Kademelerde Parçalanan Yalnızlık

Tüm insanlık için göreceli bir kavram olan yalnızlık hakkında yıllar boyunca çeşitli düşünceler ortaya atılmıştır gerek desteklenmiş gerek de yanlış bir kavram olduğu savunulmuştur. Peki, yalnızlık insanlar tarafından hissedilen bir duygu mudur yoksa somut anlamda da yalnızlık var mıdır?

Çoğu insan zaman zaman çeşitli sebeplerden dolayı yalnız kalıp kafasını dinlemeyi hayal eder ve gerçekleştirir de. Ailesiyle birlikte yaşayan veya arkadaş çevresi olan insanlar psikolojik yalnızlığı isterler. Onların asıl amacı ailesi veya arkadaşları tarafından arınmak değil sadece birkaç saatliğine kendileriyle baş başa kalmaktır çünkü gerçek yalnızlık kendisiyle baş başa kalmak için izin istemek değil ömrü boyunca kendisinden başka izin alacak kimsesi olmayışıdır.

İnsanların yıllar boyunca yanlış aktarımlarından dolayı yalnızlık, ailesi ve arkadaşları olup yalnız hissetmeye konulan bir kavram haline gelmiştir. Kelimenin kazandığı yeni anlamsa ailesi tarafından yeterince değer verilmeyen çocukların isimlerinin yerini almıştır.

Einstein‘nın “Sakin bir hayatın tekdüzeliği ve yalnızlığı yaratıcı aklı harekete geçirir.” sözü somut anlamdaki yalnızlık değildir. Somut anlamda yalnızlığı yaşayan insanların hayatlarındaki yalnızlık duygusu, bir iş yaparken konsantre olmak için gerekli olan yalnızlık değil sessizliğin içinden gelen ölüm haykırışlarıdır.
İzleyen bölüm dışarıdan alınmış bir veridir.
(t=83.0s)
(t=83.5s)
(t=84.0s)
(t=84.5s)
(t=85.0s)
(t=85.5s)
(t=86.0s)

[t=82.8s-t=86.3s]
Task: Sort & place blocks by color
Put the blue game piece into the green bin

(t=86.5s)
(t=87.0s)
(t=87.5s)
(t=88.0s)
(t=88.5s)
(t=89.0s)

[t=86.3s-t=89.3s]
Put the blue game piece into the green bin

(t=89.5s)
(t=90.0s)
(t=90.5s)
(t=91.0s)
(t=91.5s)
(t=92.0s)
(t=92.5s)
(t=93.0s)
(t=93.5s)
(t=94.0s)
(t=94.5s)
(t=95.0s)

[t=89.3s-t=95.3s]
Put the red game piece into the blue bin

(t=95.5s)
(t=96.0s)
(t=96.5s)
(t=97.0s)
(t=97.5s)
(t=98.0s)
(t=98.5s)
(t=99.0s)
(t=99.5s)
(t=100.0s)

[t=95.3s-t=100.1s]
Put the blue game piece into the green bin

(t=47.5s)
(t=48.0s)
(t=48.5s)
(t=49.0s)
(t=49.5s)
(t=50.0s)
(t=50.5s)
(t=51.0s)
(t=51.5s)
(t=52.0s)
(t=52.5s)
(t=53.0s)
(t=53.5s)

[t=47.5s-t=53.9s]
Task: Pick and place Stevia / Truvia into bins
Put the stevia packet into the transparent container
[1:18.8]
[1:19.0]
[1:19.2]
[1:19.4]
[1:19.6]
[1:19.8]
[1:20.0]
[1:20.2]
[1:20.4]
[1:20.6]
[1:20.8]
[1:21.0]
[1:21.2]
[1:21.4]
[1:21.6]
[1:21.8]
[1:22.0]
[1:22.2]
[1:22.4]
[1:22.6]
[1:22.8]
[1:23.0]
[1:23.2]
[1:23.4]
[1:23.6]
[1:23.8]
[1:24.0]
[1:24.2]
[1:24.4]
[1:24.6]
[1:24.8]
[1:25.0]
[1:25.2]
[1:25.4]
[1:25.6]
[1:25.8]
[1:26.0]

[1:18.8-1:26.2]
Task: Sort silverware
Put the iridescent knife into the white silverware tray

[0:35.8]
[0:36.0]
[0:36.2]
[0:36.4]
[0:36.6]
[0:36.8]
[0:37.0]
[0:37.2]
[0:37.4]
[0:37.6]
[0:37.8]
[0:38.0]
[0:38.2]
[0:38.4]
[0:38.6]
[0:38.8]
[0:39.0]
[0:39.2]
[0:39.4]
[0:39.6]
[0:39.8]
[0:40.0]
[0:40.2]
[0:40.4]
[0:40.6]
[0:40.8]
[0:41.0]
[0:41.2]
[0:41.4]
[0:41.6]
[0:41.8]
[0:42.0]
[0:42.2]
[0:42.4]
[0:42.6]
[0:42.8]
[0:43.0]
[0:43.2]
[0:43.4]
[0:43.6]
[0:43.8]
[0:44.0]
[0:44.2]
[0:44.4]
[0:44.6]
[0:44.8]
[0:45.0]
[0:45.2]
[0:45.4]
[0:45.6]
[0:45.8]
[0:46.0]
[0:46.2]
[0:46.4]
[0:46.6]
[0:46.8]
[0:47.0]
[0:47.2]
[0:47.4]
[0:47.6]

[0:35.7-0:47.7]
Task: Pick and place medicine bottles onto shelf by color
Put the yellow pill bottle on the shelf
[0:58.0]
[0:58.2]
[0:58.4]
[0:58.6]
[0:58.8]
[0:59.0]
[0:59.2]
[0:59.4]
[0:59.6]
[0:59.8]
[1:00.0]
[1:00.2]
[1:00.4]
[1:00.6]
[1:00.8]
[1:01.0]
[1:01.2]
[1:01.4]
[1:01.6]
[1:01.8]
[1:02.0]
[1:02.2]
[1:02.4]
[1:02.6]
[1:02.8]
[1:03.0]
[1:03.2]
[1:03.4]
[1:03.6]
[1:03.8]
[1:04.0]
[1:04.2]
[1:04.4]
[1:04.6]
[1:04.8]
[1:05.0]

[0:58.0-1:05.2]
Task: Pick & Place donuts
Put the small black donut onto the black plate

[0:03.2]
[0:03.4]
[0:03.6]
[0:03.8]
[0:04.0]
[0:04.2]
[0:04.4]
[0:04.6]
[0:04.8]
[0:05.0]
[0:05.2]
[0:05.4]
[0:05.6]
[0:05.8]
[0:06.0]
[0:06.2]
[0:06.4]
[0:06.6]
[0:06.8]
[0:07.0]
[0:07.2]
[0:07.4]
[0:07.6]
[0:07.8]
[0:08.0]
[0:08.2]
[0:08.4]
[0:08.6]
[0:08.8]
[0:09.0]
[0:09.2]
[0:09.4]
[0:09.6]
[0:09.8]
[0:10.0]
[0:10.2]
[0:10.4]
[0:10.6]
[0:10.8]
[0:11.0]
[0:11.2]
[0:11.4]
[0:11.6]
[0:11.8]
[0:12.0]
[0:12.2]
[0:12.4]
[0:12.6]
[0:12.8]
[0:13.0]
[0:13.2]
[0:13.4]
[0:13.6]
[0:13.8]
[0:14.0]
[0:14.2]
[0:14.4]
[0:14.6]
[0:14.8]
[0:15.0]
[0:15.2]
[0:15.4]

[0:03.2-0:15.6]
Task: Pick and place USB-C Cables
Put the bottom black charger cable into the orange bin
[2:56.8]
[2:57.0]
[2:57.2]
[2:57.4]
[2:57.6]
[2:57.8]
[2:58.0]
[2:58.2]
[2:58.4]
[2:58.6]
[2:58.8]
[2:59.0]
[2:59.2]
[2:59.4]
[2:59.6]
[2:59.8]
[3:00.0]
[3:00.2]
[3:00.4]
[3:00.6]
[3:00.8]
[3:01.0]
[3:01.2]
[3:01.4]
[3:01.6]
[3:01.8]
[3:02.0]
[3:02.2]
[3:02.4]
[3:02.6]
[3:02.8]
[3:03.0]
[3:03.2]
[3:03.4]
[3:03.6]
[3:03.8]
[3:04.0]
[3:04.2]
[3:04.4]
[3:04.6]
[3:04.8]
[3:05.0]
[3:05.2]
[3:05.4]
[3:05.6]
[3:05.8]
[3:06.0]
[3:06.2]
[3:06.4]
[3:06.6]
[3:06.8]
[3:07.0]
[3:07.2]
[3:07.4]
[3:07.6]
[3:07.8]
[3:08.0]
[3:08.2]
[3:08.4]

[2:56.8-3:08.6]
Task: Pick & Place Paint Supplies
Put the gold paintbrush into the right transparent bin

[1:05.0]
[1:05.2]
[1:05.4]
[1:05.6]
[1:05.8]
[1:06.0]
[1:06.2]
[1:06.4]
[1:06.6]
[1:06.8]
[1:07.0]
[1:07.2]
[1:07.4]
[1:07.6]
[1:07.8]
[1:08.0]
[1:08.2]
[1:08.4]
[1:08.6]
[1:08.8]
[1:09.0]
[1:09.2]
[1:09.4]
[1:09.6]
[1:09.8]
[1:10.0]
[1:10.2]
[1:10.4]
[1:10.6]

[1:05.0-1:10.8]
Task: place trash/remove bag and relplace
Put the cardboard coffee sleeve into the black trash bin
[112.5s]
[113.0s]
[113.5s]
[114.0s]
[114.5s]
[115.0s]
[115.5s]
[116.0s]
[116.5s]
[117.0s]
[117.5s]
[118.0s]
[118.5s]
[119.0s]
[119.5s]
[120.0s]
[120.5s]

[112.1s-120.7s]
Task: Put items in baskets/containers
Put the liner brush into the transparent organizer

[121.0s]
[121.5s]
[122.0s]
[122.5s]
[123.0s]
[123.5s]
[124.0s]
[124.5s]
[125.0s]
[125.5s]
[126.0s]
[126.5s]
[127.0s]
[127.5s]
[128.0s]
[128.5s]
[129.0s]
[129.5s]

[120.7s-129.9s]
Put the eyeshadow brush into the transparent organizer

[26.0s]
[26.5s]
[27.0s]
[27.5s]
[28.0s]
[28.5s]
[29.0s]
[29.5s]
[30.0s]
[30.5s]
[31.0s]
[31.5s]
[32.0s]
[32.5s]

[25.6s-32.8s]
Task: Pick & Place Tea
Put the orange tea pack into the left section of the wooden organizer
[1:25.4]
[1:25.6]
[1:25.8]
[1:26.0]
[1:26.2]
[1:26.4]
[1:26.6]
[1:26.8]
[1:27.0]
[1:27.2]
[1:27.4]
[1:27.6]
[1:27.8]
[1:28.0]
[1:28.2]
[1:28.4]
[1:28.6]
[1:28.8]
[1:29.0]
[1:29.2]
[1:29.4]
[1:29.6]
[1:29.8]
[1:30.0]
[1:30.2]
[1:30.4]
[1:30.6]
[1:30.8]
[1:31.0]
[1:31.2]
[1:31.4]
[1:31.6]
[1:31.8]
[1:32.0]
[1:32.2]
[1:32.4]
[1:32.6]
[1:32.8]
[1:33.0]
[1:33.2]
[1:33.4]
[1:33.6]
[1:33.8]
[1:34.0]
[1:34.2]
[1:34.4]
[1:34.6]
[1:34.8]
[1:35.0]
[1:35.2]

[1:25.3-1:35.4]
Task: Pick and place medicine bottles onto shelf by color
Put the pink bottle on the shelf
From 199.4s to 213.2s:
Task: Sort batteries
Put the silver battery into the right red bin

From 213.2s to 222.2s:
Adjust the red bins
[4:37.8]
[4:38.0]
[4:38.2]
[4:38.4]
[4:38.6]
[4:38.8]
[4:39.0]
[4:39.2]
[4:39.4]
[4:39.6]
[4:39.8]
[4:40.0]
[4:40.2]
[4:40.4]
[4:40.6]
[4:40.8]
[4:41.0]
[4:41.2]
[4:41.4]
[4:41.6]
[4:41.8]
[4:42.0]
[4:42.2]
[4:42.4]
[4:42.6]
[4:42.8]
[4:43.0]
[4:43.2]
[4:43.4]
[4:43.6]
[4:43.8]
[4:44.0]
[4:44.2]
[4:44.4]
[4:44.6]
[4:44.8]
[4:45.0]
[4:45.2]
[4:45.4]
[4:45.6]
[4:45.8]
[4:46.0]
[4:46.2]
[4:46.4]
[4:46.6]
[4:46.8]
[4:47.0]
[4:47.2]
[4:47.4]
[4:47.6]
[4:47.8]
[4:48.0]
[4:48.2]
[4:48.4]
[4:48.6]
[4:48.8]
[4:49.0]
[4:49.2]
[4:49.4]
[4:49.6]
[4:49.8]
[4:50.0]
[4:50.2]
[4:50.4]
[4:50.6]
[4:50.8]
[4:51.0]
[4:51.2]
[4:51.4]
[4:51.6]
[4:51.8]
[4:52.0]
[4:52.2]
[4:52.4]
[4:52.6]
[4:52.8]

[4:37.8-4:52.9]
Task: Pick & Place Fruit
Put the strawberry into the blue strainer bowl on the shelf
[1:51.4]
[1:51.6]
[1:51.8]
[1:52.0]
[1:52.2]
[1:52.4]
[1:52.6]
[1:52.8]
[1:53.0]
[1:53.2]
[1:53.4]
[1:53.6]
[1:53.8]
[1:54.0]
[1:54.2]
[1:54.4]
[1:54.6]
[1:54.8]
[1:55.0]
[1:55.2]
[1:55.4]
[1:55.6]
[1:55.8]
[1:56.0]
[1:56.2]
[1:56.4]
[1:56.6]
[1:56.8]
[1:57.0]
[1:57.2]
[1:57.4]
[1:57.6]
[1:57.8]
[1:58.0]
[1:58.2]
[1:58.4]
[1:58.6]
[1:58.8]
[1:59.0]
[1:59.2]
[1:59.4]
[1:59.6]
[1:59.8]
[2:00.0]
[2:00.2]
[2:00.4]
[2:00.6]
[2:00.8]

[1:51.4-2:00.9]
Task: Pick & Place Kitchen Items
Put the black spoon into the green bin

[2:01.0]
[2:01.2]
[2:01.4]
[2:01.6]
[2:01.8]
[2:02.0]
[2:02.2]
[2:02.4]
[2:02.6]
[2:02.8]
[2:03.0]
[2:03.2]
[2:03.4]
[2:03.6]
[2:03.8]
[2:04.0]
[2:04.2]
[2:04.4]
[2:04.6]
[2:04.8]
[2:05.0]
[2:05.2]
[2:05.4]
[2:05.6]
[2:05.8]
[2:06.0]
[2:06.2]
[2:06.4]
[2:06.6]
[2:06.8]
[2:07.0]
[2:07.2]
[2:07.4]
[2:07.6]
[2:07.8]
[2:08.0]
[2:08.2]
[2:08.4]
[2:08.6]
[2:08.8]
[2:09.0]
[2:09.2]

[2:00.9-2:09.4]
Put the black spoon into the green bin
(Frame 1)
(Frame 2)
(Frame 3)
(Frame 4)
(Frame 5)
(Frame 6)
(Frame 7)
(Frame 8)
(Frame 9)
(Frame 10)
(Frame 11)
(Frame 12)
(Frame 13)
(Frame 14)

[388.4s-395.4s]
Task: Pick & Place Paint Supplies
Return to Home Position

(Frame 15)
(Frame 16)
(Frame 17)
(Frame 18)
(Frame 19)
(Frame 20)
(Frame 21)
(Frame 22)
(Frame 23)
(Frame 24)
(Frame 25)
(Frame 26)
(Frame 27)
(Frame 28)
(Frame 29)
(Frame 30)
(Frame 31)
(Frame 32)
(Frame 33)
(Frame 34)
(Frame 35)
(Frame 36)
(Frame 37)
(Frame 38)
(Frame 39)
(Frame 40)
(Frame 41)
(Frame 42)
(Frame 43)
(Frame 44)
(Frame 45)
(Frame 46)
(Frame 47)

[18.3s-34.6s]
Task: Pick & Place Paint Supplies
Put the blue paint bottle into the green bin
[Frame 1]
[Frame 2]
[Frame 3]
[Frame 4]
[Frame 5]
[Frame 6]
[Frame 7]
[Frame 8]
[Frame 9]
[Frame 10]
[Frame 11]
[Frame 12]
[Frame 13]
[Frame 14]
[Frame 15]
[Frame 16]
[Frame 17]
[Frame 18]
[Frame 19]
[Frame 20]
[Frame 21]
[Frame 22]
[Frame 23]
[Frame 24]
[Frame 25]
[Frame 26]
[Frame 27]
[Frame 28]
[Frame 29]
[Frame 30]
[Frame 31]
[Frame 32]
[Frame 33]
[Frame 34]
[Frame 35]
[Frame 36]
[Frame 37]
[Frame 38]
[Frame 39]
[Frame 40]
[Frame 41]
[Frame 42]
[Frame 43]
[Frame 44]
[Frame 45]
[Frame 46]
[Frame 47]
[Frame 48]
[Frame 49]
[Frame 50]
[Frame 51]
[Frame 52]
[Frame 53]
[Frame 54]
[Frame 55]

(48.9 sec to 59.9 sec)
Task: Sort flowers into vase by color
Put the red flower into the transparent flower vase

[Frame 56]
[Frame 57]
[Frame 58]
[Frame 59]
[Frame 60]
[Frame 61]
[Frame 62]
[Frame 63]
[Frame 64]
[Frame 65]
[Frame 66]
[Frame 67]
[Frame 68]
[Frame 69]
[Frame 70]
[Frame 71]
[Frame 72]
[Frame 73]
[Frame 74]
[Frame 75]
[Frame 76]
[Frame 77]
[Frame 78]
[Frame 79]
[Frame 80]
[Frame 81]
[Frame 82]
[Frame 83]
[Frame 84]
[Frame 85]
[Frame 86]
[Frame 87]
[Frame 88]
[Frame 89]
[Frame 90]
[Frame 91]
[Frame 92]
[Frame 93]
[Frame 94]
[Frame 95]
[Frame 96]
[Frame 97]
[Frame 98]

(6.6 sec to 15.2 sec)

Somut kavram olarak ifade ettiğimiz yalnızlık; insana kendini büyütmeyi, yetiştirmeyi ve hayata hazırlamayı öğretir çünkü etrafında başka öğretecek kimse yoktur. Yalnızlık, kendi ayakların üzerinde durmayı çok küçük yaşlarda yüzüne tokat gibi çarpar çünkü seni o tokattan koruyacak kimse yoktur etrafta. Yalnızlık, kendi karnını kendin doyurmandır çünkü başka kimse sana yardım etmez, sen yalnızsındır.

Çehov’un “Kendini yalnız hisseden kimse için her yer çöldür.”  yüzümüze somut yalnızlık kadar kötü olan içsel doyumsuzluğu keskin bir şekilde çarpar. Küçüklükten beri anne ve babası tarafından ezilmiş veya ezilmeye devam eden kişiliklerin yaşadığı bir doyumsuzluktur bu. İçsel doyumsuzluğu olan bir bireyin yüzlerce arkadaşı bile olsa etrafında, kendini yine yalnız hisseder. Neden mi? Çünkü o kişi çocukluğunda yalnızlık aşılanarak büyütülmüş bir çocuktur. Küçüklükte öğrenilen yürüme güdüsü gibi o çocuğa yalnızlık hissi öğretilmiştir. Yürümeyi nasıl unutamıyorsak çocukluktan itibaren aşılanan yalnızlık da bir o kadar kalıcıdır.

Milyonlarca kişinin oluşturduğu toplumlarda iç doyumsuzlukların engellediği merhamet ve yardım elleri somut yalnızlıkları ölüme terk etmiştir. Çünkü somut yalnızlık, bilinçlerimizin alamayacağı boyutta bir duygudur ve biz onları algılamaya çalışmak yerine üstlerini kapatırız. Kendimizi zorlamak yerine onları geçiştiririz çünkü o duygu öğrenmek istemeyeceğimiz kadar derin ve can yakıcıdır. Özdemir Asaf’ın da dediği gibi “Yalnızlık…Müziğin bile seni dinlemesidir.”